It may be possible to hinder sexual transmission of AIDS with a novel kind of vaccine

While AIDS deaths decreased in the United States last year, most of the world has not been so fortunate. Worldwide, more than 2.6 million people died of AIDS in 1999, and the UN reports 5.6 million new HIV infections that year, bringing the global total to 33.6 million. The search for an effective AIDS vaccine to stem this rising tide is one of the most sought-after and elusive goals of science.

Why so elusive? Its a vaccine’s job to alert the body to the presence of an infecting microbe, so the microbe can be destroyed by the body’s immune defenses. Vaccines work by literally feeling the outside of potential invaders, checking the proteins that protrude from the surface like so many boulders. When a foreign shape is detected, the alarm sounds. Thus to be effective, an AIDS vaccine directed against the HIV virus must be able to recognize some particular protein on the surface of the virus, a protein unique to HIV. Only when it does, can the vaccine alert the body’s immune defenses to attack HIV and any cells infected by it.

The difficulty is that the HIV surface proteins that are the target of the vaccine keep changing! A random change in a gene is called a mutation, and the genes of the HIV virus mutate extremely frequently, more often than any other virus known to science. When a gene encoding one of the virus surface proteins is the one that mutates, the shape of that protein is often altered, and as a result the vaccine no longer recognizes it.

This constant altering of HIV surface proteins is why the search for a universal anti-HIV virus has not succeeded. Like a gun shooting at a target that keeps moving aside, no one vaccine can successfully recognize HIV for long. For an AIDS vaccine to work, it must be targeted at something that doesn’t shift around so much.

Frustrated in their attempts to develop a vaccine targeted against HIV, most vaccine researchers have in recent years changed their focus to a less changeable target, the immune system cells with which HIV interacts. The interaction is like two people slow dancing. A protein on immune system cells called CD4 binds to a protein on HIV called gp120. Locked into each others arms, the cell cannot escape as the virus slips inside it.

Many AIDS vaccine designers are now attempting to disrupt this dance. If HIV cannot grasp these CD4 cells, it cannot enter and destroy them, and AIDS is prevented. How to stop these two partners from embracing? Two proteins are used by the cell to draw the virus close: the CD4 protein that protrudes from the cell surface like a sticky finger, and a second helper protein called CCR5 that positions the CD4 finger so that it nicely fits alongside HIV’s gp120 protein, like two fingers curling around one another.

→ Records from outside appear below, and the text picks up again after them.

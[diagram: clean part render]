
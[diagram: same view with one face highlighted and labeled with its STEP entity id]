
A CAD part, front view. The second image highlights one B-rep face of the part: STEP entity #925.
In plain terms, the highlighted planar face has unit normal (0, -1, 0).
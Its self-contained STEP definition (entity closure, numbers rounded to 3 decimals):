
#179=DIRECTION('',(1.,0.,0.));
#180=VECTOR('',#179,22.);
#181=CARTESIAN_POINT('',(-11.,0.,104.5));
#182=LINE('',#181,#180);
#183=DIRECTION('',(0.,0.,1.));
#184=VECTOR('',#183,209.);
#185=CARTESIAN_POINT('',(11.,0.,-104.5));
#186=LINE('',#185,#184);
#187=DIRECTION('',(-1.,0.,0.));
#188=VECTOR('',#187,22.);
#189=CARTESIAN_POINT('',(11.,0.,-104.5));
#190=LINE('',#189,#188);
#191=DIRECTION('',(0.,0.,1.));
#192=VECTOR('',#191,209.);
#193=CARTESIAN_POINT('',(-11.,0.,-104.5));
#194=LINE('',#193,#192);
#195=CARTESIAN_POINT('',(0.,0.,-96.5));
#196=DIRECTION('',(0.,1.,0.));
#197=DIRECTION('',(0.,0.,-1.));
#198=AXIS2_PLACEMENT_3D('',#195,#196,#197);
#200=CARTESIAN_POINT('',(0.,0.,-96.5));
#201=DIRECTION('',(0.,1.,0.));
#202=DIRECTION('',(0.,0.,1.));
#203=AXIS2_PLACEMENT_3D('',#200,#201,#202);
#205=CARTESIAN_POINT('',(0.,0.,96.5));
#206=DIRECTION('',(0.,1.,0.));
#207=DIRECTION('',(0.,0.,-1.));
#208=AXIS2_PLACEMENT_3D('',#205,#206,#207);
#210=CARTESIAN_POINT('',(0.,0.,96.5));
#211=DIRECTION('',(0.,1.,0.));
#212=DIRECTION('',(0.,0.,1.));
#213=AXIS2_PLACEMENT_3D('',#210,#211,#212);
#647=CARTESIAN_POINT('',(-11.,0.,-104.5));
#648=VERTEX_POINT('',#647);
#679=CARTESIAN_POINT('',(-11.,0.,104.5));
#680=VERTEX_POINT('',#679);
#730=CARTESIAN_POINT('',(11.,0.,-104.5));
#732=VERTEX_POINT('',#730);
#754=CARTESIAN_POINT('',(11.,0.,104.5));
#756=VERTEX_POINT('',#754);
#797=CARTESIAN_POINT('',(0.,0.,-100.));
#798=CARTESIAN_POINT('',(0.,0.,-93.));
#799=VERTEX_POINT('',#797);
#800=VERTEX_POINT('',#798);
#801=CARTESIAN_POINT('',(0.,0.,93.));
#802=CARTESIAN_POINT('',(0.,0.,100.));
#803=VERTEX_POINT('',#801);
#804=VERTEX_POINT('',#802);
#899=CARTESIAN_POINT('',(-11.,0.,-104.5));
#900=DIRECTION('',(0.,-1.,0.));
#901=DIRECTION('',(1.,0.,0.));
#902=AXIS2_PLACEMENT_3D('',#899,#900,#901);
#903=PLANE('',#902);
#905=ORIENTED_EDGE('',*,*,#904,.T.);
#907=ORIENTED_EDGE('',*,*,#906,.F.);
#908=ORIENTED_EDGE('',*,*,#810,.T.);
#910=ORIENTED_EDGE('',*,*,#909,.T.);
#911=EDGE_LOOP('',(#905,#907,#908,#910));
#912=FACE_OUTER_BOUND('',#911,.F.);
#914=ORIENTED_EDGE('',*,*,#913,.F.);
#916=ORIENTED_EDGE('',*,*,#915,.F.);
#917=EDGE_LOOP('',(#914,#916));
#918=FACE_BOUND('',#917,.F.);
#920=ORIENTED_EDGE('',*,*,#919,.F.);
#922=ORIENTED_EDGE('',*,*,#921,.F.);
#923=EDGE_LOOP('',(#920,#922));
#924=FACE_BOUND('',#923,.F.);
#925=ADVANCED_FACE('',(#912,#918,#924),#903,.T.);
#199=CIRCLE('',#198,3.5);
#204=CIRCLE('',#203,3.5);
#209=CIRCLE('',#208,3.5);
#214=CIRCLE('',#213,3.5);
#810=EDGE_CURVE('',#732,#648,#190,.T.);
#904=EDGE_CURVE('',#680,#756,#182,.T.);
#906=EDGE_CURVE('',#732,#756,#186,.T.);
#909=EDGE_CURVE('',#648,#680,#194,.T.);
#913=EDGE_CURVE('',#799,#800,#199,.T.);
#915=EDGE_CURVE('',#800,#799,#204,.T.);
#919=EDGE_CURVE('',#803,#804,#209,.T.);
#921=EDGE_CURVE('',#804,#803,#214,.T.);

What drew researchers’ attention to the possibility of blocking HIV entry into CD4 cells was the discovery of people with a defective form of CCR5. In these people, a segment of the DNA in the CCR5 gene was deleted, producing a faulty protein incapable of correctly positioning CD4 for binding to the HIV virus. Of 1,955 people at risk of AIDS with only the defective form of the gene, none were HIV positive. Clearly, if the virus cannot enter your immune system cells, you don’t get AIDS.

Lack of CCR5 doesn’t seem to have any adverse effects, at least none that are obvious, so blocking CCR5 to prevent AIDS seems a promising approach. Vaccine designers are crafting vaccines that will elicit antibodies directed at CCR5, disabling it. It is too soon to know how effective these new anti-CCR5 vaccines are going to be, but they certainly should be tried.

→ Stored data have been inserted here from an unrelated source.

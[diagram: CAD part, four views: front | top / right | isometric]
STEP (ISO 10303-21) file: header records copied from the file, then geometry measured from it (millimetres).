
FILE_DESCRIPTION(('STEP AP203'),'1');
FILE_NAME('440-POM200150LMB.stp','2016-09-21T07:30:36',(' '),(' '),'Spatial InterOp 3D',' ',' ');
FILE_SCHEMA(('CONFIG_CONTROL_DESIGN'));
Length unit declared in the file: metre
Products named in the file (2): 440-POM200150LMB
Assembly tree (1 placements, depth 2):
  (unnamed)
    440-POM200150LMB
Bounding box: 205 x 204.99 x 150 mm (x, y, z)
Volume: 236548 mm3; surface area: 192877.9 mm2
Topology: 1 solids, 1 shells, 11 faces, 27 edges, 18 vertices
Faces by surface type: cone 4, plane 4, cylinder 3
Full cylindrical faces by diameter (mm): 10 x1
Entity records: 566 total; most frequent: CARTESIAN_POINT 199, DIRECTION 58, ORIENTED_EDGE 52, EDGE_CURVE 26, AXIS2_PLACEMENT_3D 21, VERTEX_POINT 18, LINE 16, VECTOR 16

Recent research suggests a second potential target for a vaccine: If HIV cannot reach CD4 cells, it cannot infect them. Work published in the last few months has shed a great deal of light on the journey of HIV from its introduction into the body by sexual intercourse to its arrival at the lymph nodes where CD4 cells reside. Block this journey, and AIDS cannot get started.

Research by Ralph Steinman of the Rockefeller University in New York City and others revealed that the body’s immune defense uses special sentries called dendritic cells to patrol the inner surfaces of the mucosal epithelium that lines the mouth, vagina, and rectum. When these dendritic cells encounter a virus, they carry it to the lymph nodes and present it for inspection by CD4 cells, which react by calling other immune troops into battle.

In March, Dutch researchers led by Yvette van Kooyk, working with Dan Littman’s team at New York University, reported that when a dendritic cell encounters HIV virus, a special protein on dendritic cells that they called DC-SIGN binds quite strongly to the gp120 protein of HIV. The virus does not slip into the dendritic cell. Instead, DC-SIGN acts like a handcuff, tying the virus to the outside of the cell like a ball on a chain. Dragging its virus cargo along, the dendritic cell then migrates to the lymph nodes to present the virus for inspection, initiating the chain of events that ultimately leads to CD4 infection and AIDS.

The researchers found that HIV bound to dendritic cells by DC-SIGN could still infect CD4 cells even after 4 days, while HIV alone lost its infectivity in a matter of hours. You see the opportunity. If you can design a vaccine that blocks the binding of DC-SIGN to gp120, then you deprive HIV of its protected transport to the lymph nodes, making infection much less likely.